*PROBLEM STATEMENT:* Make an exact copy of all the entries, but do not reproduce the pictures.

*THE INPUT:*
Start of Block
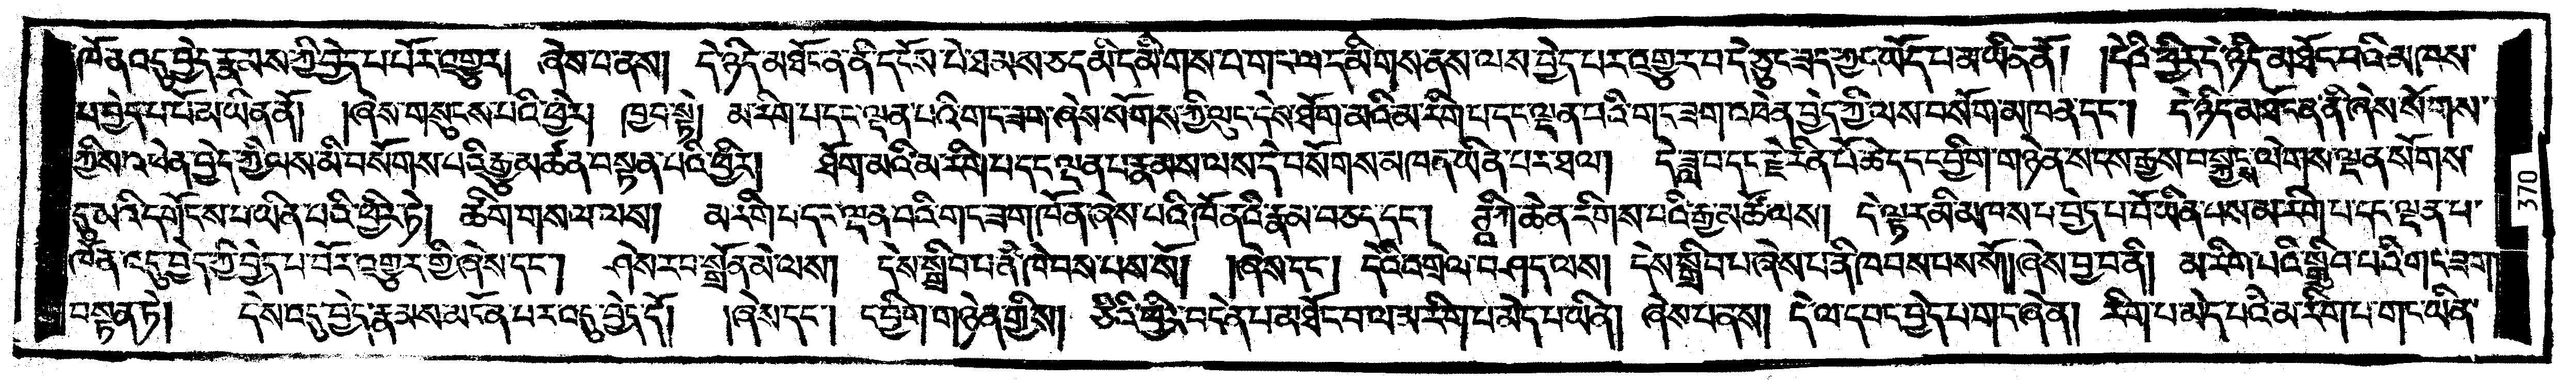ཁོ་ན་འདུ་བྱེད་རྣམས་ཀྱི་བྱེད་པ་པོར་འགྱུར། ཞེས་པ་ནས། དེ་ཉིད་མཐོང་ན་ནི་དངོས་པོ་ཐམས་ཅད་མི་དམིགས་པ་གང་ལ་དམིགས་ནས་ལས་བྱེད་པར་འགྱུར་བ་དེ་ཅུང་ཟད་ཀྱང་ཡོད་པ་མ་ཡིན་ནོ། །དེའི་ཕྱིར་དེ་ཉིད་མཐོང་བའི་མཁས་
པ་བྱེད་པ་པོ་མ་ཡིན་ནོ། །ཞེས་གསུངས་པའི་ཕྱིར། ཁྱབ་སྟེ། མ་རིག་པ་དང་ལྡན་པའི་གང་ཟག་ཞེས་སོགས་ཀྱི་ལུང་དེས་ཐོག་མའི་མ་རིག་པ་དང་ལྡན་པའི་གང་ཟག་འཕེན་བྱེད་ཀྱི་ལས་བསོག་མཁན་དང་། དེ་ཉིད་མཐོང་ན་ནི་ཞེས་སོགས་
ཀྱིས་འཕེན་བྱེད་ཀྱི་ལས་མི་བསོགས་པའི་རྒྱུ་མཚན་བསྟན་པའི་ཕྱིར། ཐོག་མའི་མ་རིག་པ་དང་ལྡན་པ་རྣམས་ལས་དེ་བསོགས་མཁན་ཡིན་པར་ཐལ། དེ་ཟླ་བ་དང་རྗེ་རིན་པོ་ཆེ་དང་དབྱིག་གཉེན་སངས་རྒྱས་བསྐྱངས་ལེགས་ལྡན་སོགས་
དུ་མའི་དགོངས་པ་ཡིན་པའི་ཕྱིར་ཏེ། ཚིག་གསལ་ལས། མ་རིག་པ་དང་ལྡན་པའི་གང་ཟག་ཁོ་ན་ཞེས་པའི་ཁོ་ནའི་རྣམ་བཅད་དང་། ཊཱིཀ་ཆེན་རིགས་པའི་རྒྱ་མཚོ་ལས། དེ་ལྟར་མི་མཁས་པ་བྱེད་པ་པོ་ཡིན་པས་མ་རིག་པ་དང་ལྡན་པ་
ཁོ་ན་འདུ་བྱེད་ཀྱི་བྱེད་པ་བོར་འགྱུར་གྱི་ཞེས་དང་། ཤེས་རབ་སྒྲོན་མེ་ལས། དེས་སྒྲིབ་པ་ནི་ཁེབས་པས་སོ། །ཞེས་དང་། དེའི་འགྲེལ་བཤད་ལས། དེས་སྒྲིབ་པ་ཞེས་པ་ནི་ཁབས་པས་སོ། །ཞེས་བྱ་བ་ནི། མ་རིག་པའི་སྒྲིབ་པའི་གང་ཟག་
བསྟན་ཏེ། དེས་འདུ་བྱེད་རྣམས་མངོན་པར་འདུ་བྱེད་དོ། །ཞེས་དང་། དབྱིག་གཉེན་གྱིས། ཅིའི་ཕྱིར་བདེན་པ་མཐོང་བ་ལམ་རིག་པ་མེད་པ་ཡིན། ཞེས་པ་ནས། དེ་ལ་དབང་བྱེད་པ་གང་ཞེ་ན། རིག་པ་མེད་པའི་མ་རིག་པ་གང་ཡིན་
End of Block
*RESULT FOR THIS TASK:*
ཁོ་ན་འདུ་བྱེད་རྣམས་ཀྱི་བྱེད་པ་པོར་འགྱུར། ཞེས་པ་ནས། དེ་ཉིད་མཐོང་ན་ནི་དངོས་པོ་ཐམས་ཅད་མི་དམིགས་པ་གང་ལ་དམིགས་ནས་ལས་བྱེད་པར་འགྱུར་བ་དེ་ཅུང་ཟད་ཀྱང་ཡོད་པ་མ་ཡིན་ནོ། །དེའི་ཕྱིར་དེ་ཉིད་མཐོང་བའི་མཁས་
པ་བྱེད་པ་པོ་མ་ཡིན་ནོ། །ཞེས་གསུངས་པའི་ཕྱིར། ཁྱབ་སྟེ། མ་རིག་པ་དང་ལྡན་པའི་གང་ཟག་ཞེས་སོགས་ཀྱི་ལུང་དེས་ཐོག་མའི་མ་རིག་པ་དང་ལྡན་པའི་གང་ཟག་འཕེན་བྱེད་ཀྱི་ལས་བསོག་མཁན་དང་། དེ་ཉིད་མཐོང་ན་ནི་ཞེས་སོགས་
ཀྱིས་འཕེན་བྱེད་ཀྱི་ལས་མི་བསོགས་པའི་རྒྱུ་མཚན་བསྟན་པའི་ཕྱིར། ཐོག་མའི་མ་རིག་པ་དང་ལྡན་པ་རྣམས་ལས་དེ་བསོགས་མཁན་ཡིན་པར་ཐལ། དེ་ཟླ་བ་དང་རྗེ་རིན་པོ་ཆེ་དང་དབྱིག་གཉེན་སངས་རྒྱས་བསྐྱངས་ལེགས་ལྡན་སོགས་
དུ་མའི་དགོངས་པ་ཡིན་པའི་ཕྱིར་ཏེ། ཚིག་གསལ་ལས། མ་རིག་པ་དང་ལྡན་པའི་གང་ཟག་ཁོ་ན་ཞེས་པའི་ཁོ་ནའི་རྣམ་བཅད་དང་། ཊཱིཀ་ཆེན་རིགས་པའི་རྒྱ་མཚོ་ལས། དེ་ལྟར་མི་མཁས་པ་བྱེད་པ་པོ་ཡིན་པས་མ་རིག་པ་དང་ལྡན་པ་
ཁོ་ན་འདུ་བྱེད་ཀྱི་བྱེད་པ་བོར་འགྱུར་གྱི་ཞེས་དང་། ཤེས་རབ་སྒྲོན་མེ་ལས། དེས་སྒྲིབ་པ་ནི་ཁེབས་པས་སོ། །ཞེས་དང་། དེའི་འགྲེལ་བཤད་ལས། དེས་སྒྲིབ་པ་ཞེས་པ་ནི་ཁབས་པས་སོ། །ཞེས་བྱ་བ་ནི། མ་རིག་པའི་སྒྲིབ་པའི་གང་ཟག་
བསྟན་ཏེ། དེས་འདུ་བྱེད་རྣམས་མངོན་པར་འདུ་བྱེད་དོ། །ཞེས་དང་། དབྱིག་གཉེན་གྱིས། ཅིའི་ཕྱིར་བདེན་པ་མཐོང་བ་ལམ་རིག་པ་མེད་པ་ཡིན། ཞེས་པ་ནས། དེ་ལ་དབང་བྱེད་པ་གང་ཞེ་ན། རིག་པ་མེད་པའི་མ་རིག་པ་གང་ཡིན་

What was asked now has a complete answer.